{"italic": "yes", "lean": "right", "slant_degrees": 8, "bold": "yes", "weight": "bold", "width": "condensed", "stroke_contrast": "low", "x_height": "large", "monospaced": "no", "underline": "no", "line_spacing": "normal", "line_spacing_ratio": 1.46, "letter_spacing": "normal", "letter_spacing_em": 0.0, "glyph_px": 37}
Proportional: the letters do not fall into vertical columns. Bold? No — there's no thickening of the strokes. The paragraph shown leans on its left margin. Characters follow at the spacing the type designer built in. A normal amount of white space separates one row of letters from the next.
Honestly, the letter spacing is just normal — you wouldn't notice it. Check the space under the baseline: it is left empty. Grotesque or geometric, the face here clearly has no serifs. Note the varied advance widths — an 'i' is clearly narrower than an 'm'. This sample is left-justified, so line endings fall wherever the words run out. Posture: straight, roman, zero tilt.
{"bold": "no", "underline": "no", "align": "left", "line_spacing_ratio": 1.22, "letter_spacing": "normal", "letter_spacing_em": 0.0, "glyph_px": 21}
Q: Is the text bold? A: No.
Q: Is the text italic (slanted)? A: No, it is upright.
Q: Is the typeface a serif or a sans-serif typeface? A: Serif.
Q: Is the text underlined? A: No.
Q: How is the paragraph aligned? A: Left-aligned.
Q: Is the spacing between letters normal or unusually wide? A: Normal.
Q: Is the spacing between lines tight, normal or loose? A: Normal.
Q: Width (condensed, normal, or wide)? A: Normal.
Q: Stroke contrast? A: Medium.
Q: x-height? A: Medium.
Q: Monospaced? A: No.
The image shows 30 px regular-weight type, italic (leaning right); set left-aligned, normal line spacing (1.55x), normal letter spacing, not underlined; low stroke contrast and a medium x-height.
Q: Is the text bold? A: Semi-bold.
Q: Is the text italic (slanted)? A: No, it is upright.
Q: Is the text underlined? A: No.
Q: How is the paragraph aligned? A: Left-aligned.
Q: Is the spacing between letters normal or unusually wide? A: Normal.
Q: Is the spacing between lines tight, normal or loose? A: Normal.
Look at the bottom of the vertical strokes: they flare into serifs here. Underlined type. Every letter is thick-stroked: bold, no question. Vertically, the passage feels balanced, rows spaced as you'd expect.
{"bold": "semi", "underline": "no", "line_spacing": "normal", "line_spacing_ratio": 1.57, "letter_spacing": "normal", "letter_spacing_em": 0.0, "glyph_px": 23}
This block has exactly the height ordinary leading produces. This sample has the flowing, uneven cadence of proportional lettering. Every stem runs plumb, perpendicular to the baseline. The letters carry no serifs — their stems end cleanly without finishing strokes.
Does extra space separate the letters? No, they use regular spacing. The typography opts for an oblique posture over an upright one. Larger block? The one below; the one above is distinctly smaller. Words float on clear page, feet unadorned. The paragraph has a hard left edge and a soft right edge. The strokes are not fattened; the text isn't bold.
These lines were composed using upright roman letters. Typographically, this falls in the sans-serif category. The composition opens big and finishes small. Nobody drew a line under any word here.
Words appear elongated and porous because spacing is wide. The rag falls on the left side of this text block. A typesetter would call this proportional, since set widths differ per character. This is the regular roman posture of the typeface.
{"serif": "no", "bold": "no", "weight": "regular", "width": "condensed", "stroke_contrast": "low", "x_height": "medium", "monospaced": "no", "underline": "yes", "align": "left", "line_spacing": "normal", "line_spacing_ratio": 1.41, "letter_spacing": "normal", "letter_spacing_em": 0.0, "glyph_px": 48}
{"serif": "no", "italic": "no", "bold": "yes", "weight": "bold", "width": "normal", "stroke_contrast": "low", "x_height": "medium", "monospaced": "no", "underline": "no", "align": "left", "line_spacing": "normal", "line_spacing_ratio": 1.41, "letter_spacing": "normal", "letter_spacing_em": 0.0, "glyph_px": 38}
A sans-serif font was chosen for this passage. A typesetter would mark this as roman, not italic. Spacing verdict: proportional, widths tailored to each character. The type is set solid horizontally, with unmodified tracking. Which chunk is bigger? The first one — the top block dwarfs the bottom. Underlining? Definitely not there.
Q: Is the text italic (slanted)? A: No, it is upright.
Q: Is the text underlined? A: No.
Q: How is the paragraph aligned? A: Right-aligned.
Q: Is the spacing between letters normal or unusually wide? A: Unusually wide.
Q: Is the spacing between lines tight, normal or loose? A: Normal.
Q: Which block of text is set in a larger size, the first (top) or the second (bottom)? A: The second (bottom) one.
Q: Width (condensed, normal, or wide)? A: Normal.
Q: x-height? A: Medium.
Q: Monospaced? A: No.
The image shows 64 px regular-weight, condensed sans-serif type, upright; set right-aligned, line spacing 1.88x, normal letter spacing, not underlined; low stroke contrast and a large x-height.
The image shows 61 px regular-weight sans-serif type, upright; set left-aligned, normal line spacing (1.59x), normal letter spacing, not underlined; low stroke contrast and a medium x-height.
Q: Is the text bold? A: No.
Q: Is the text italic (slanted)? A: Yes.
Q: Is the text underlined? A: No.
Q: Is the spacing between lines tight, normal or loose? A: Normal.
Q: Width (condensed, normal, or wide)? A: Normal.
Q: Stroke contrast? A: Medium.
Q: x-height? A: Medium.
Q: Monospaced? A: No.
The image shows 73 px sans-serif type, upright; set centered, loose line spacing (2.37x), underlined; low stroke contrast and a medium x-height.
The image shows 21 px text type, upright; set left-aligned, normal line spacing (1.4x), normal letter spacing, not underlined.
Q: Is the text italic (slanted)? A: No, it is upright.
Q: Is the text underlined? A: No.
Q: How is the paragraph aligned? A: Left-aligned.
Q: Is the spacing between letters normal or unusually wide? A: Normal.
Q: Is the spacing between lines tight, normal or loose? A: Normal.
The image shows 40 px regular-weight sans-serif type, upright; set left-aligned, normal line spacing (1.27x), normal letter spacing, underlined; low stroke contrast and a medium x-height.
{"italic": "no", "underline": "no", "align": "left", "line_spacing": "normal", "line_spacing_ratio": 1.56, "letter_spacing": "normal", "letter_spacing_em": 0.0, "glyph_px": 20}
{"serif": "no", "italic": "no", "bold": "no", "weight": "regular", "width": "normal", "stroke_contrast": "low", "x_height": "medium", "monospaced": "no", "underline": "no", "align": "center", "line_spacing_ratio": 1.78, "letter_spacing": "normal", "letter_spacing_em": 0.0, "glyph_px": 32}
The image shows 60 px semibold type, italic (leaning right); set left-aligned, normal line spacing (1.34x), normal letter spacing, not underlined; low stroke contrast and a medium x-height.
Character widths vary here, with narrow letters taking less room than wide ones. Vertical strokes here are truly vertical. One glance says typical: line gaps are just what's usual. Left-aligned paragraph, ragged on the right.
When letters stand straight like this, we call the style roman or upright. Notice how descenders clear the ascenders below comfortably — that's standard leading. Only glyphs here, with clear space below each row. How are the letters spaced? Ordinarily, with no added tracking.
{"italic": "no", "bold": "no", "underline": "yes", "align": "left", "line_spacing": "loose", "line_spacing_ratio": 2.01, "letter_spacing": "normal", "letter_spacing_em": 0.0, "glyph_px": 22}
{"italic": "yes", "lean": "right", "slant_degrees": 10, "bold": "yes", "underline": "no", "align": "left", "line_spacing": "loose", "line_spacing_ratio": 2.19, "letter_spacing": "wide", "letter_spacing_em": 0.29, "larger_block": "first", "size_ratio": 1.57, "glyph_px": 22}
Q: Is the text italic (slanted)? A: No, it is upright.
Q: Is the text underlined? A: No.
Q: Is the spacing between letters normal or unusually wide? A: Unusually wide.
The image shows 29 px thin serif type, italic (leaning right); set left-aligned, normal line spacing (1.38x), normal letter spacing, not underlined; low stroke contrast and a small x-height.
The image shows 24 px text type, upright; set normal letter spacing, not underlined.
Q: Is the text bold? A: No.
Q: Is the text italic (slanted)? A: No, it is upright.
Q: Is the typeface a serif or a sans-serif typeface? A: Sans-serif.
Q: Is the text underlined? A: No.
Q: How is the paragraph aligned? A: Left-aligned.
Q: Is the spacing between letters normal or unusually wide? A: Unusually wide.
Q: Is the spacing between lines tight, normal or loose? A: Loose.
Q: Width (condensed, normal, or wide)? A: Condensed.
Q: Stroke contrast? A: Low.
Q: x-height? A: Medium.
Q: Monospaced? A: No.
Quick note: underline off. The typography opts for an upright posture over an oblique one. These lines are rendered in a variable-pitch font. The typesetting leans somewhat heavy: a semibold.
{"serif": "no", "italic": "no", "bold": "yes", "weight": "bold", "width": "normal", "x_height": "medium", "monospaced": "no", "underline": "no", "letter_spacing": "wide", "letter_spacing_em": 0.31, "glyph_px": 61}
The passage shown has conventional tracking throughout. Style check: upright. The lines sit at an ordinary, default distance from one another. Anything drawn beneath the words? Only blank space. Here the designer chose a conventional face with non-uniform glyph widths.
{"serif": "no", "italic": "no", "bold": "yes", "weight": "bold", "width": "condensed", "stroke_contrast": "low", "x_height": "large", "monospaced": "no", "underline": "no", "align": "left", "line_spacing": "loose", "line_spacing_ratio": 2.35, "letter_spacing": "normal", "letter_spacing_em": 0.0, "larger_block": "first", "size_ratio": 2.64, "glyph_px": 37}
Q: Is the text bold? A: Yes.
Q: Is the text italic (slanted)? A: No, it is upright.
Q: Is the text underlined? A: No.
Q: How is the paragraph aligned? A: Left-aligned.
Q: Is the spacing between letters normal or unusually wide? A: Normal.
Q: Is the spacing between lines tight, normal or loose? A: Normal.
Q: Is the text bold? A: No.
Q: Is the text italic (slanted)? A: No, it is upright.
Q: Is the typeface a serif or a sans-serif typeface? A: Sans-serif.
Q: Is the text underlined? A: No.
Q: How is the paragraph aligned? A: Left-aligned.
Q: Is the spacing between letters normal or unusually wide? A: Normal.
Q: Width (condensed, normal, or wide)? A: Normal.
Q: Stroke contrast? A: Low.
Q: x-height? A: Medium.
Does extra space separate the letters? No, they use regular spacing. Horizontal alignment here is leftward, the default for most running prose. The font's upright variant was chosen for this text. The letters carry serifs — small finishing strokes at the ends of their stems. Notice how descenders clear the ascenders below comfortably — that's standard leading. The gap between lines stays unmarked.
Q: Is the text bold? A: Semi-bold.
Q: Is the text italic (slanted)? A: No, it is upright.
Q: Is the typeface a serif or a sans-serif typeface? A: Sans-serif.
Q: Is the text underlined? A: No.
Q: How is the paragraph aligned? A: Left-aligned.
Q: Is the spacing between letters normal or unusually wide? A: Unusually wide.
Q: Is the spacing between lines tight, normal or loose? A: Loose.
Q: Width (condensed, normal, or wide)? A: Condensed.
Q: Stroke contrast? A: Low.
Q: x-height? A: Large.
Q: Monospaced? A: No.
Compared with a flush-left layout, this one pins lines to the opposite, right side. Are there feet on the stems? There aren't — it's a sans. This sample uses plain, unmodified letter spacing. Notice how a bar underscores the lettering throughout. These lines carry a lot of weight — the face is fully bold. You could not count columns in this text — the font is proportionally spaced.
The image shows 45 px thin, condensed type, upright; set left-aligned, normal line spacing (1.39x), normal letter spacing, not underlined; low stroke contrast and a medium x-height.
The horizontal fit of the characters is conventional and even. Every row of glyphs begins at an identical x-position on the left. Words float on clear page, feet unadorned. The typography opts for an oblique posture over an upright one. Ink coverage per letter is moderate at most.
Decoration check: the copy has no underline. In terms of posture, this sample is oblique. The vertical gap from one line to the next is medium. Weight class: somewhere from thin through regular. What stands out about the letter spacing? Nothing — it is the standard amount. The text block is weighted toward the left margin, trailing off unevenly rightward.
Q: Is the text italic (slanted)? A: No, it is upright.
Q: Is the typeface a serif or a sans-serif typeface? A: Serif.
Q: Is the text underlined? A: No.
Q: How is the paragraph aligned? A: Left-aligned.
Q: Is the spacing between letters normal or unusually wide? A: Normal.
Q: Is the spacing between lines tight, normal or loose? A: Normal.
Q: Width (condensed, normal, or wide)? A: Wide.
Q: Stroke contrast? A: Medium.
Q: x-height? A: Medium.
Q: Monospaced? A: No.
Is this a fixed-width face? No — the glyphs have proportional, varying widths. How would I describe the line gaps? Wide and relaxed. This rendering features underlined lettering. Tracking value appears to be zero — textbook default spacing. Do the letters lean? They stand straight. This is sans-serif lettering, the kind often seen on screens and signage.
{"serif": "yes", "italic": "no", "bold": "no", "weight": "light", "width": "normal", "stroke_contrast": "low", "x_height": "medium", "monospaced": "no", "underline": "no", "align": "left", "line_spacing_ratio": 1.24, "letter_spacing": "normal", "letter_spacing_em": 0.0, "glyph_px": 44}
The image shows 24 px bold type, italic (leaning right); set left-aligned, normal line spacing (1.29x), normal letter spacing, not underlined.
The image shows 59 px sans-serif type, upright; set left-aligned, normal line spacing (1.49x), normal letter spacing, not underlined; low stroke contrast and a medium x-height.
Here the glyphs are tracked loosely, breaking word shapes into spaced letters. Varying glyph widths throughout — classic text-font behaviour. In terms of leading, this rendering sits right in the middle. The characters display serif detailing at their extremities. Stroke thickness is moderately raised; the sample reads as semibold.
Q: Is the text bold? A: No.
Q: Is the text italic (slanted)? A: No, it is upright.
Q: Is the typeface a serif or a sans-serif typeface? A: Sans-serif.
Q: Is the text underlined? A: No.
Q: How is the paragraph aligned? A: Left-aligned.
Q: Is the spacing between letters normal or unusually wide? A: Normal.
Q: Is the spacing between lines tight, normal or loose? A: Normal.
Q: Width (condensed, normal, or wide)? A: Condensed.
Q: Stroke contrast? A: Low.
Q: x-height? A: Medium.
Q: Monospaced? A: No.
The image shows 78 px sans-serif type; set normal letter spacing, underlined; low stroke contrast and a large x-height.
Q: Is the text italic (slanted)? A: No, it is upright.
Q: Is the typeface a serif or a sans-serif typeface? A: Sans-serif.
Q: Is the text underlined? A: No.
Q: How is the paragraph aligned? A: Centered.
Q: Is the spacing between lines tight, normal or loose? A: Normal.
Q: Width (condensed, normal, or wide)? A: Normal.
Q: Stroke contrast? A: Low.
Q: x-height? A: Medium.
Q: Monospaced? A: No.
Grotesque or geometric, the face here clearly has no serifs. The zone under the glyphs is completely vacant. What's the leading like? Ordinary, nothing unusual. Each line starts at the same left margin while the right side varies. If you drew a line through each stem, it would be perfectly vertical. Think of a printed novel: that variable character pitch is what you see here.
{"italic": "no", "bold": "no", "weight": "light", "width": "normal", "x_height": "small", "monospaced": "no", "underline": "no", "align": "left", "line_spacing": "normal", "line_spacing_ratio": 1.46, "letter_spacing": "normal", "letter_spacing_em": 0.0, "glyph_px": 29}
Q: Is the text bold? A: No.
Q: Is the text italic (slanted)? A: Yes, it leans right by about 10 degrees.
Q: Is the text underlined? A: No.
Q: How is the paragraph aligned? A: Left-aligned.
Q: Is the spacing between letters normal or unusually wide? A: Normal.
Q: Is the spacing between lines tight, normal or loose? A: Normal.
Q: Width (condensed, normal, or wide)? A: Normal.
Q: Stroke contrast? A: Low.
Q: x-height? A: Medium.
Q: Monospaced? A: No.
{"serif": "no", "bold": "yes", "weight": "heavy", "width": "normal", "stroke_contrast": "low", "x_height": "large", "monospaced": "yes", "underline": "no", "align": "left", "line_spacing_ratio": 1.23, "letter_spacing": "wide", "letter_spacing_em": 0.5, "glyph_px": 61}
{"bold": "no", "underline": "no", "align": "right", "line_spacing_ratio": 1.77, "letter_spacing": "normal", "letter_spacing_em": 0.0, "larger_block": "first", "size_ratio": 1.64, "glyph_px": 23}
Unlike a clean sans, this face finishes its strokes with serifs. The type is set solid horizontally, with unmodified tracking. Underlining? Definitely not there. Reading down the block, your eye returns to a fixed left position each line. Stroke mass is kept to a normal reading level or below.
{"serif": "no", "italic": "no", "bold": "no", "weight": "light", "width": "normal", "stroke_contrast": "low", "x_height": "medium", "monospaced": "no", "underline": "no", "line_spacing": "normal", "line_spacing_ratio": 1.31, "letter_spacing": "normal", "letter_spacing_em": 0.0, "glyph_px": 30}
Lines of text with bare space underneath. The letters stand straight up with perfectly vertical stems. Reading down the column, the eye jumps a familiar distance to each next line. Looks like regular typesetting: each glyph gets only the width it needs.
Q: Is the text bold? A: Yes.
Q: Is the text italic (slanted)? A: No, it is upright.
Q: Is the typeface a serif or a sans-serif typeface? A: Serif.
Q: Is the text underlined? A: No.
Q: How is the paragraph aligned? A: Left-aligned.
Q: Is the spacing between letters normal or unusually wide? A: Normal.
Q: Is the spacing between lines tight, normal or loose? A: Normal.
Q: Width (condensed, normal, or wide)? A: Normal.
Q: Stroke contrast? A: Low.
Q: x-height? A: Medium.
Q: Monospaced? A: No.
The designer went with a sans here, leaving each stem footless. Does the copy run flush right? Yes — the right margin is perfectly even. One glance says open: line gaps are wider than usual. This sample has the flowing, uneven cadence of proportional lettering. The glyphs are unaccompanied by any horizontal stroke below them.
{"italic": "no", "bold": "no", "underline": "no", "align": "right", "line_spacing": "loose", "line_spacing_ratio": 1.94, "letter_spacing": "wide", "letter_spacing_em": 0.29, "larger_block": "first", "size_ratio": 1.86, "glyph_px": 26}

--- Problem to work on ---
Nothing but a number is needed: tally the lines of the listing that contain "cadence".

--- Result of the exercise ---
2